De oude rechercheur keek hem aan. Zijn oude ogen stonden scherp, maar zacht. ‘Ik weet het ook niet. Sinds ze is overleden is het alsof ze er gewoon nog is. Niet fysiek, maar in mijn gedachten. In mijn gevoel. Om me heen. Het kan zijn dat ik mezelf voor de gek houd. Wat zeg ik… misschien ben ik wel gek en moet ik me eens laten onderzoeken. Die stem van haar, die ik hoor… voor hetzelfde geld is het mijn intuïtie… of mijn onderbewustzijn dat zich met het onderzoek bezighoudt, en dat zegt: “Die huurauto, die is belangrijk. Ga daar achteraan.” Ik weet het ook niet.’
Jacob stond op en keek even op de gang of daar misschien iemand stond die hun gesprek kon horen. Hij sloot de deur en kwam op het bureau van Van Opperdoes zitten.
‘Dus zij heeft tegen je gezegd dat die huurauto belangrijk was?’

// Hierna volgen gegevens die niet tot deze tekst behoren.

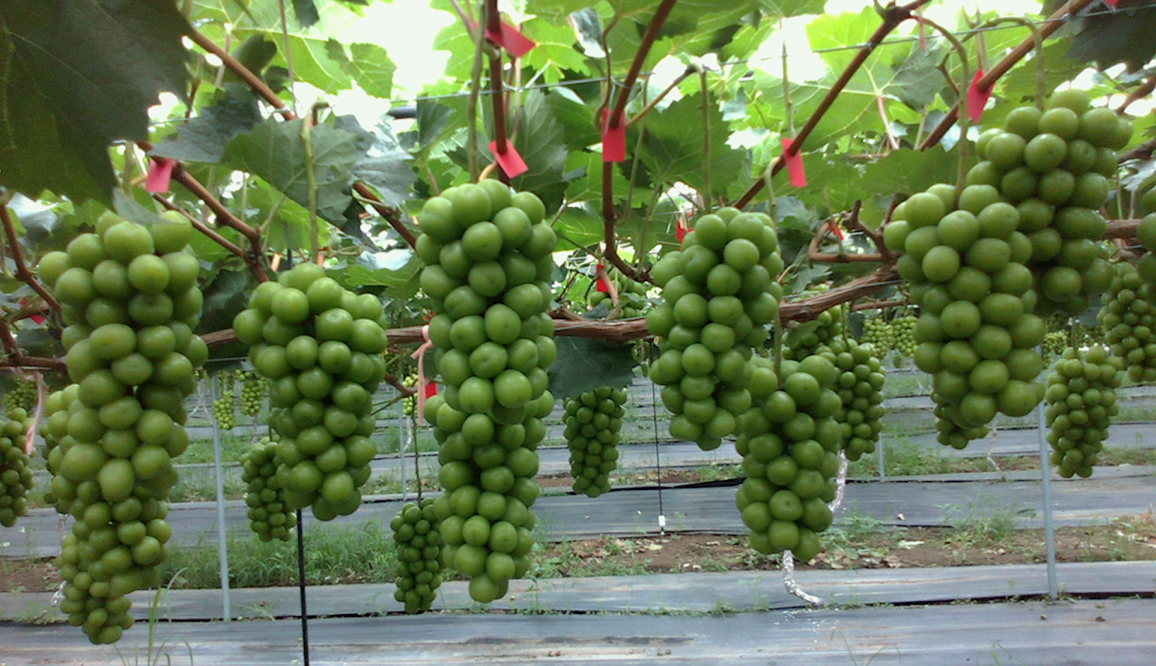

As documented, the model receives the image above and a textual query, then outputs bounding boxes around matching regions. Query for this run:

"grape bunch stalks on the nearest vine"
[467,0,487,184]
[939,16,1047,111]
[762,155,785,374]
[301,115,319,264]
[626,64,711,214]
[908,9,969,209]
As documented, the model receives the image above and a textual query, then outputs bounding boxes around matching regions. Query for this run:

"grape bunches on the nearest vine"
[415,179,558,424]
[422,390,554,603]
[885,183,1047,427]
[735,355,841,561]
[647,206,783,449]
[233,262,387,522]
[965,90,1133,316]
[37,207,208,500]
[44,383,173,597]
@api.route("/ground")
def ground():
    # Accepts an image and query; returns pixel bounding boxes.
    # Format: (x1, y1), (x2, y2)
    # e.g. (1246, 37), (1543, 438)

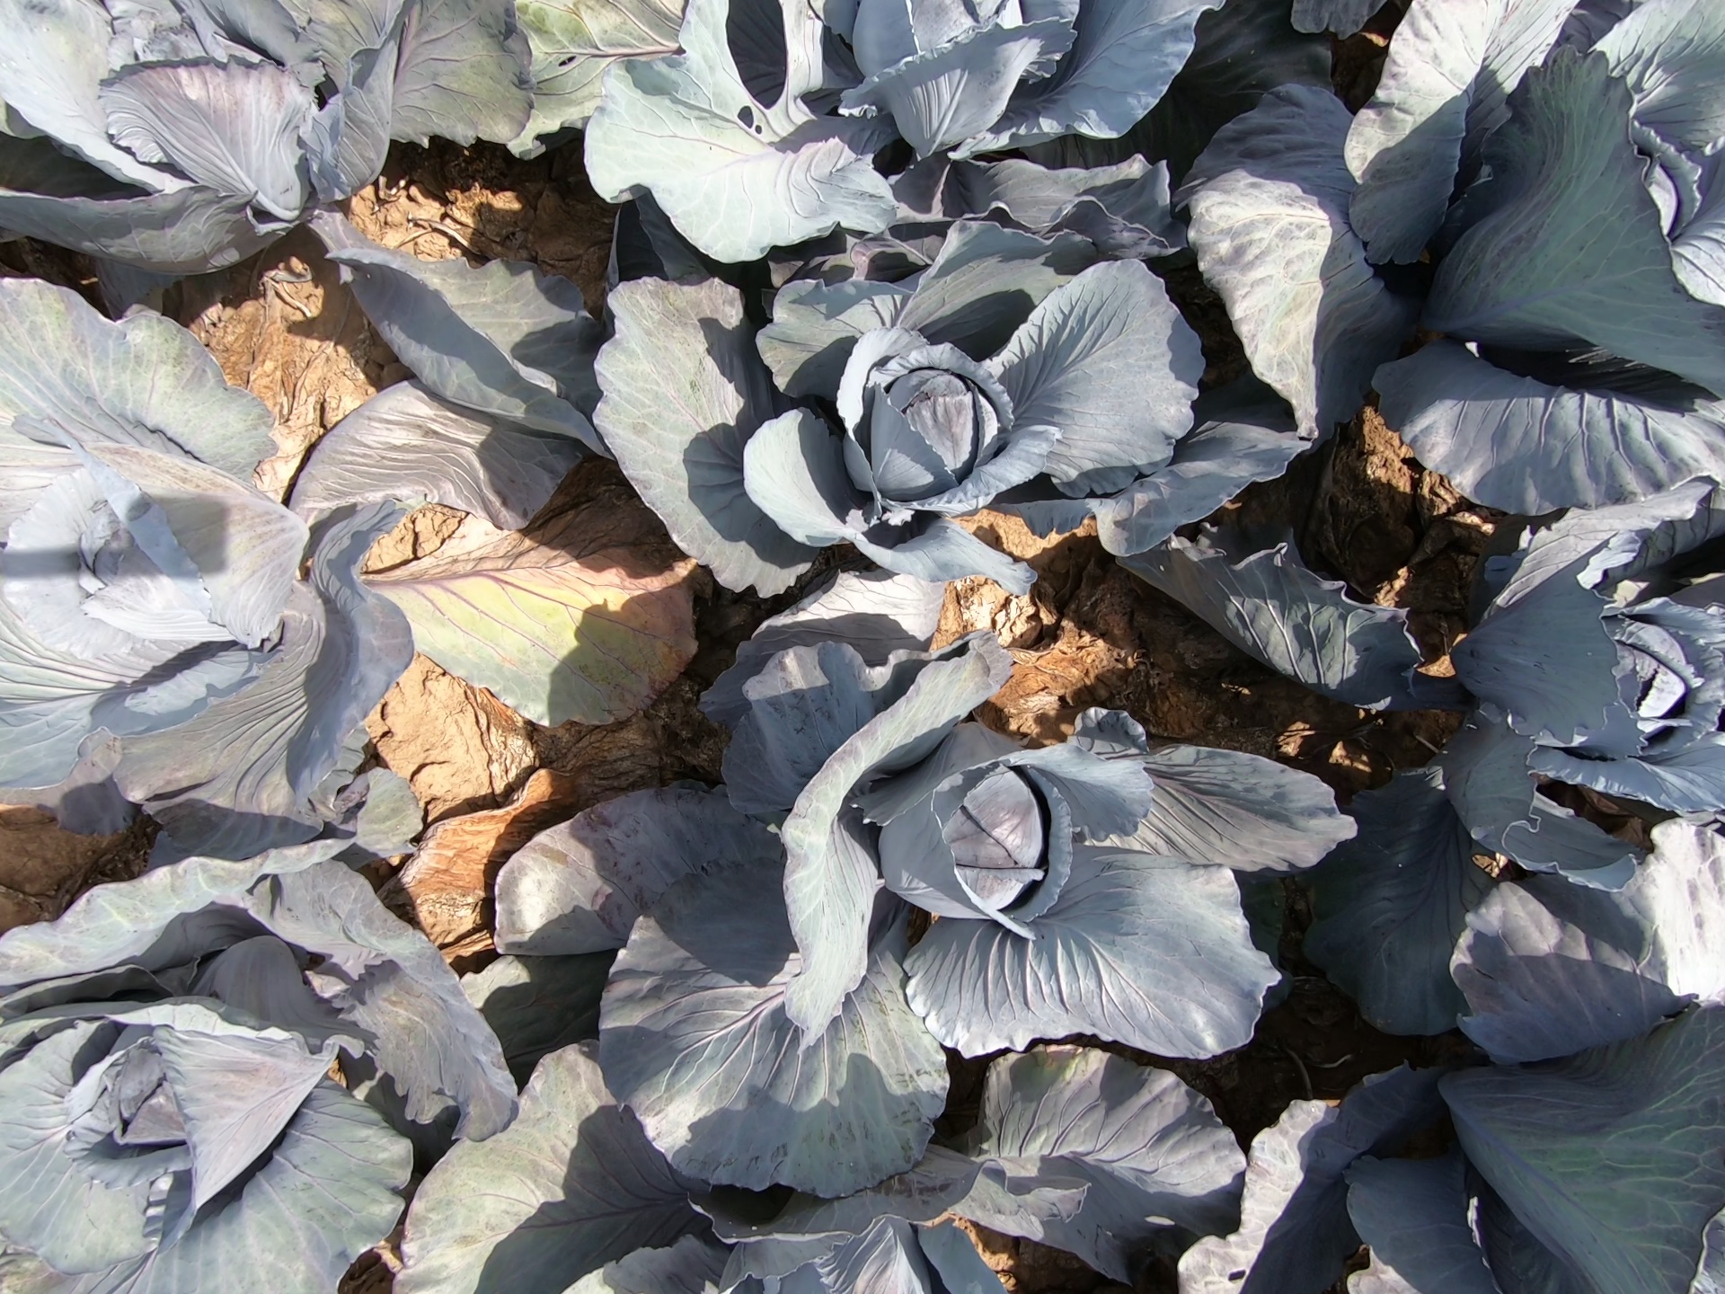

Van Opperdoes aarzelde even en haalde zich haar letterlijke woorden voor de geest. ‘Niet met zoveel woorden. Ze vroeg of ik er al iets over wist.’
‘Dan is het goed. Dan moeten we daarmee verder.’
‘Dan is het goed?’ Van Opperdoes keek hem oprecht verwonderd aan.
Jacob glimlachte. ‘Natuurlijk. Of het nou jouw vrouw is, je onderbewustzijn of je intuïtie, ik vertrouw ze alle drie. Praat jij maar lekker door.’
Een glimlach danste licht om de mond van Van Opperdoes, nadat Jacob zich had omgedraaid.
‘Hi hi,’ zei zijn vrouw.
‘Ssst…’ zei Van Opperdoes in zichzelf.
Gezichten wisselden elkaar in hoog tempo af. Allemaal mannen die recht in de camera keken. Sommige boos, de meeste stoïcijns, sommige trokken een gek gezicht.
Van Opperdoes zuchtte. ‘Ik heb weleens zo’n televisieserie gezien, uit Amerika. Cee Cee Aaa of zoiets…’
‘csi.’
Van Opperdoes keek Jacob aan. ‘Cie Es Aai. Ja, dat zou zomaar kunnen. In ieder geval, daar lieten ze een computer dit werk doen. Die vergeleek een gezicht met alle politiefoto’s en plukte er razendsnel de goede verdachte uit. Echt heel snel.’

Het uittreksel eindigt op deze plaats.